A viral meme starts in one account, and is re-shared by M other accounts, where M is a non-negative discrete random variable. Assume that the future behaviour following from each of the initial re-shares is independent and distributed identically to the sharing behaviour from the initial creation: after m initial re-shares we have m independent and identically distributed copies of the initial meme process. Let s be the probability that the meme eventually dies out, which is also the probability that any of the m sub-branches of the process dies out. Use the law of total probability to justify why $$ s = \sum_{m = 0}^\infty P(M=m)s^m = E(s^M)$$ and using the fact that now $M \sim Bin(3,1/2)$. Calculate $M_{M}(t)$ and hence find plausible values for s.

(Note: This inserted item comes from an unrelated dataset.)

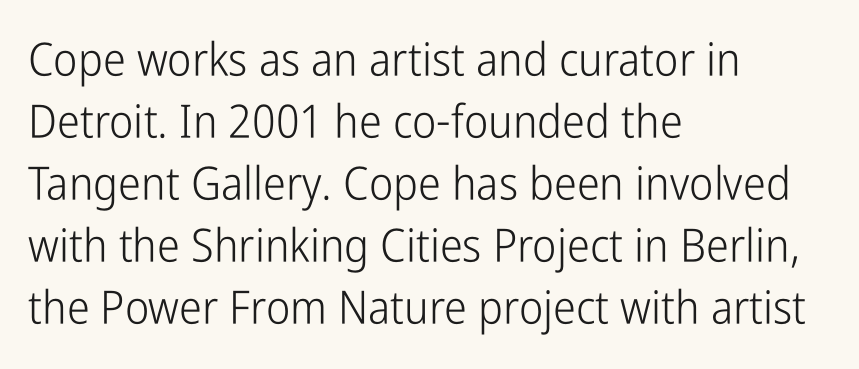
Style check: upright. The font is comparable to plain body text, perhaps lighter. The lines are quadded left. Each letter keeps its own natural width here, so spacing adapts to shape. Horizontal bands of white between lines are of average thickness. Is this a sans? Yes — the strokes have no serifs.

Stuck on finding plausible values for s. I thought maybe we can substitute the pmf of M (binom random variable) into the sum. We would then get a sum evaluated from 0 to 3 as P(M=m) would be 0, else where. Then we would get a polynomial equation which we can solve for s. Assuming this approach is correct, I got s = -1.6, s = 0.62, s = 0.25. Now since s is a probability, we exclude -1.6 and now for the other two, I think because we evaluated the sum for 3 accounts, the probability of the meme eventually dying is higher, as I guess intuitively speaking, more accounts having the meme would make it hard for the meme to die out. So i pick s = 0.62. Is this approach correct?
This relates to the classical branching process; see the formula there for $d=h(d)$ where $h(s)$ is the MGF. In your case, $$ h(s)=\sum_{k}\mathbb{P}(M=k)s^k=\sum_{k=0}^3 \binom{3}{k}\left(\frac12\right)^k\left(\frac12\right)^{3-k} s^k=\frac{(1+s)^3}8 $$ so $s=h(s)$ gives the solutions $1,\sqrt{5}-2,-\sqrt{5}-2$. The correct solution, the smallest non-negative one, is $\sqrt{5}-2\approx 0.236$.